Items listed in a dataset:
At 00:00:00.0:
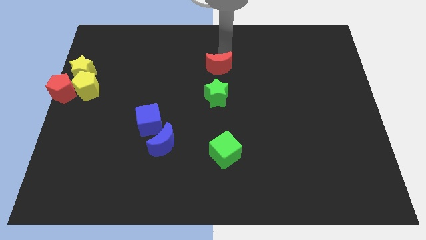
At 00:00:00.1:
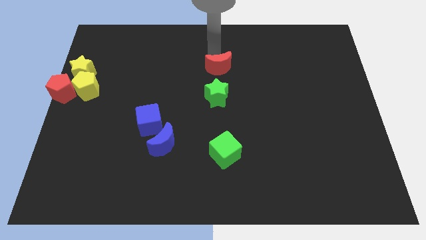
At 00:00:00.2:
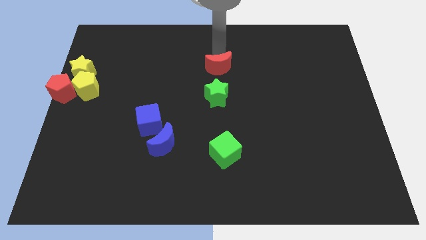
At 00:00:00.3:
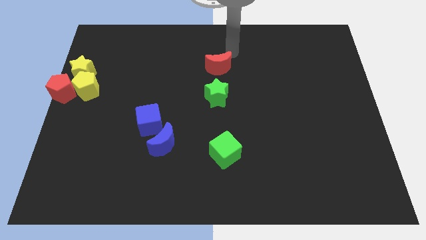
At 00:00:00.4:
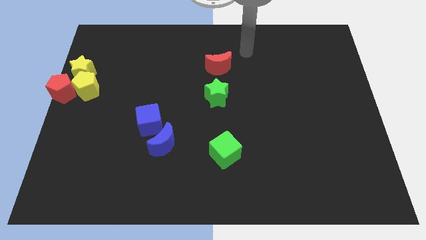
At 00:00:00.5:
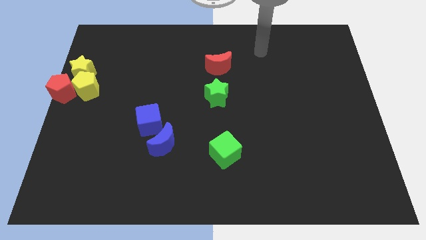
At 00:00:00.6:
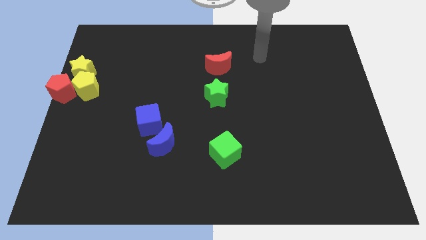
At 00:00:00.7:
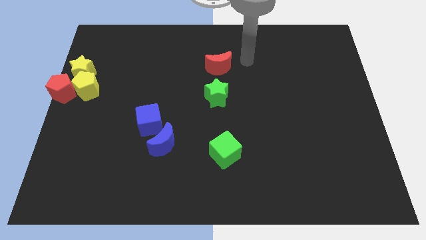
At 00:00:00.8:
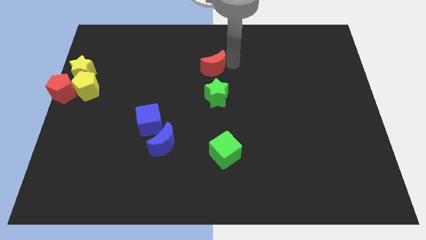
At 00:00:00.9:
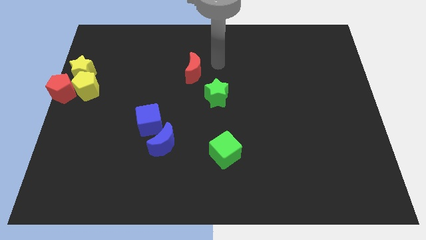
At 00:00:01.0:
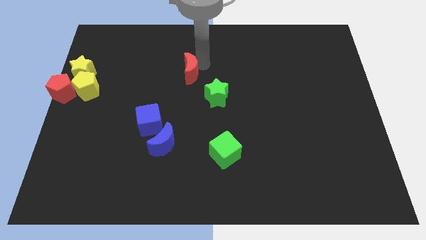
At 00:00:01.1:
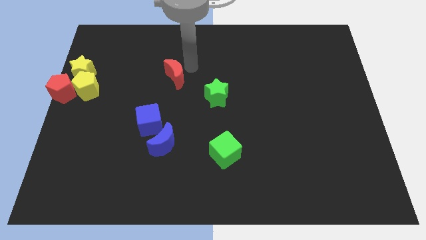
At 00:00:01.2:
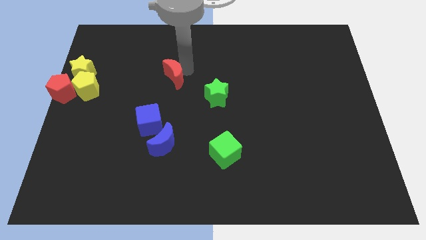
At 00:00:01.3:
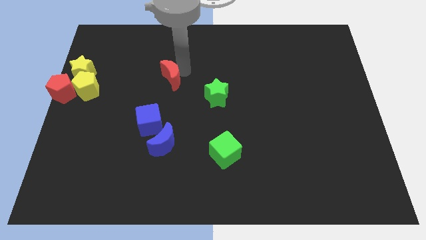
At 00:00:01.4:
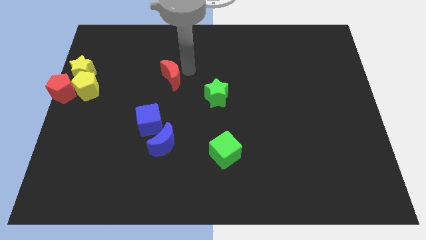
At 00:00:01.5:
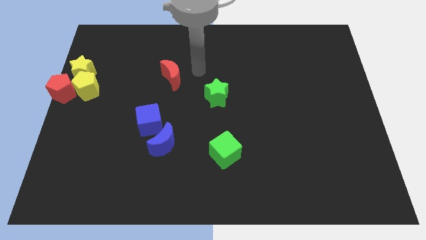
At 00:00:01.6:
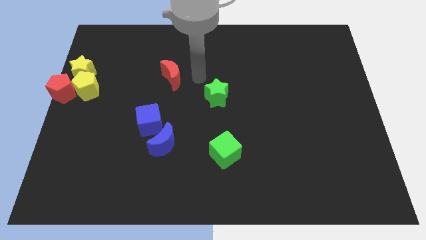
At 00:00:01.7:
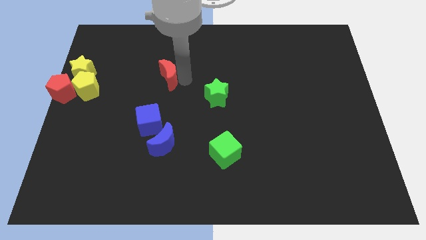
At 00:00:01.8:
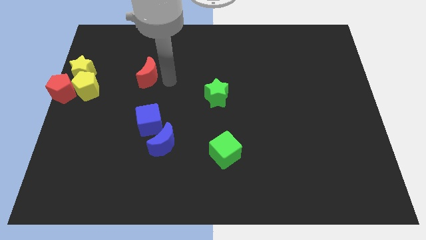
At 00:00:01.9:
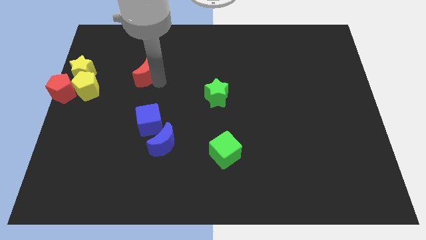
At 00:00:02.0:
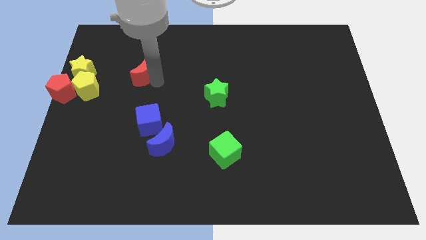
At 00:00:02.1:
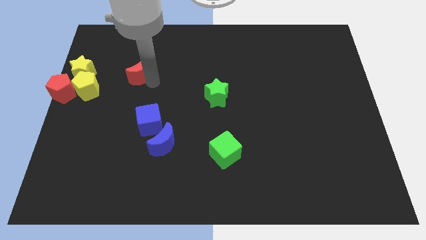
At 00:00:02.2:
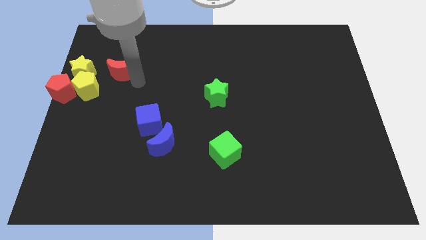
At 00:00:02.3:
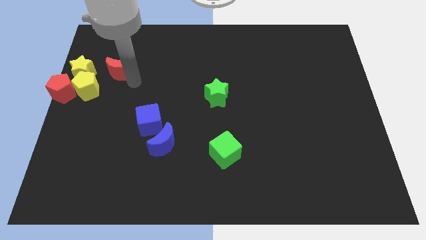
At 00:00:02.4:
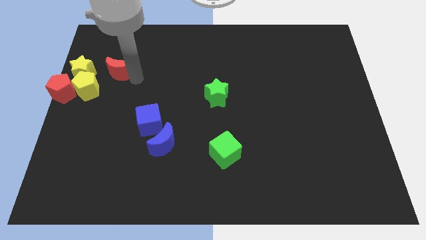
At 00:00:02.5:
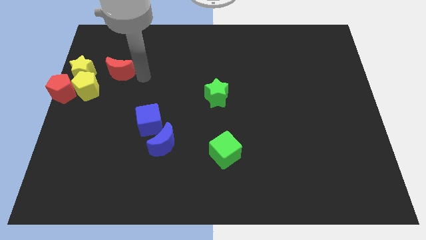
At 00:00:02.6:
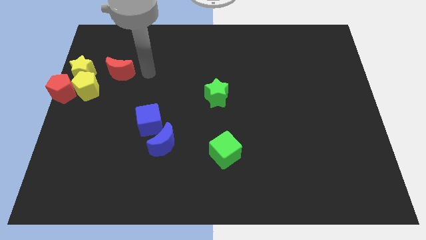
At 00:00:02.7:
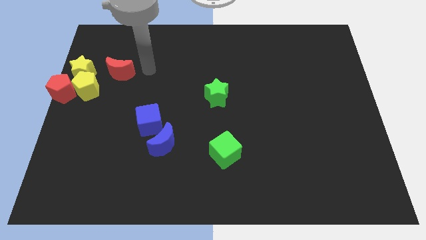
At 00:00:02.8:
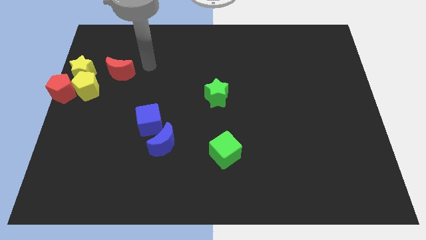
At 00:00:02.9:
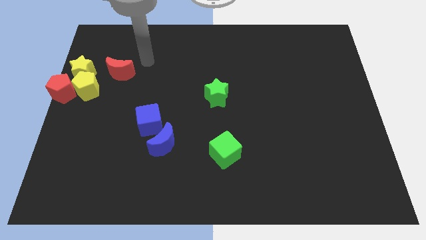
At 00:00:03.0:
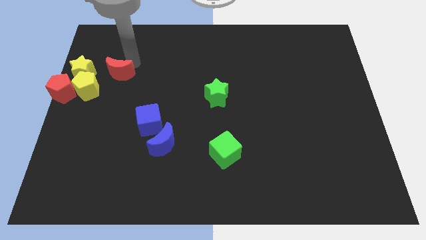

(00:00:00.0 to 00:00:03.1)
slide red moon to the right of yellow star

Activity
Each line of the data above must be repeated exactly, images excluded.

Response for this exercise
At 00:00:00.0:
At 00:00:00.1:
At 00:00:00.2:
At 00:00:00.3:
At 00:00:00.4:
At 00:00:00.5:
At 00:00:00.6:
At 00:00:00.7:
At 00:00:00.8:
At 00:00:00.9:
At 00:00:01.0:
At 00:00:01.1:
At 00:00:01.2:
At 00:00:01.3:
At 00:00:01.4:
At 00:00:01.5:
At 00:00:01.6:
At 00:00:01.7:
At 00:00:01.8:
At 00:00:01.9:
At 00:00:02.0:
At 00:00:02.1:
At 00:00:02.2:
At 00:00:02.3:
At 00:00:02.4:
At 00:00:02.5:
At 00:00:02.6:
At 00:00:02.7:
At 00:00:02.8:
At 00:00:02.9:
At 00:00:03.0:

(00:00:00.0 to 00:00:03.1)
slide red moon to the right of yellow star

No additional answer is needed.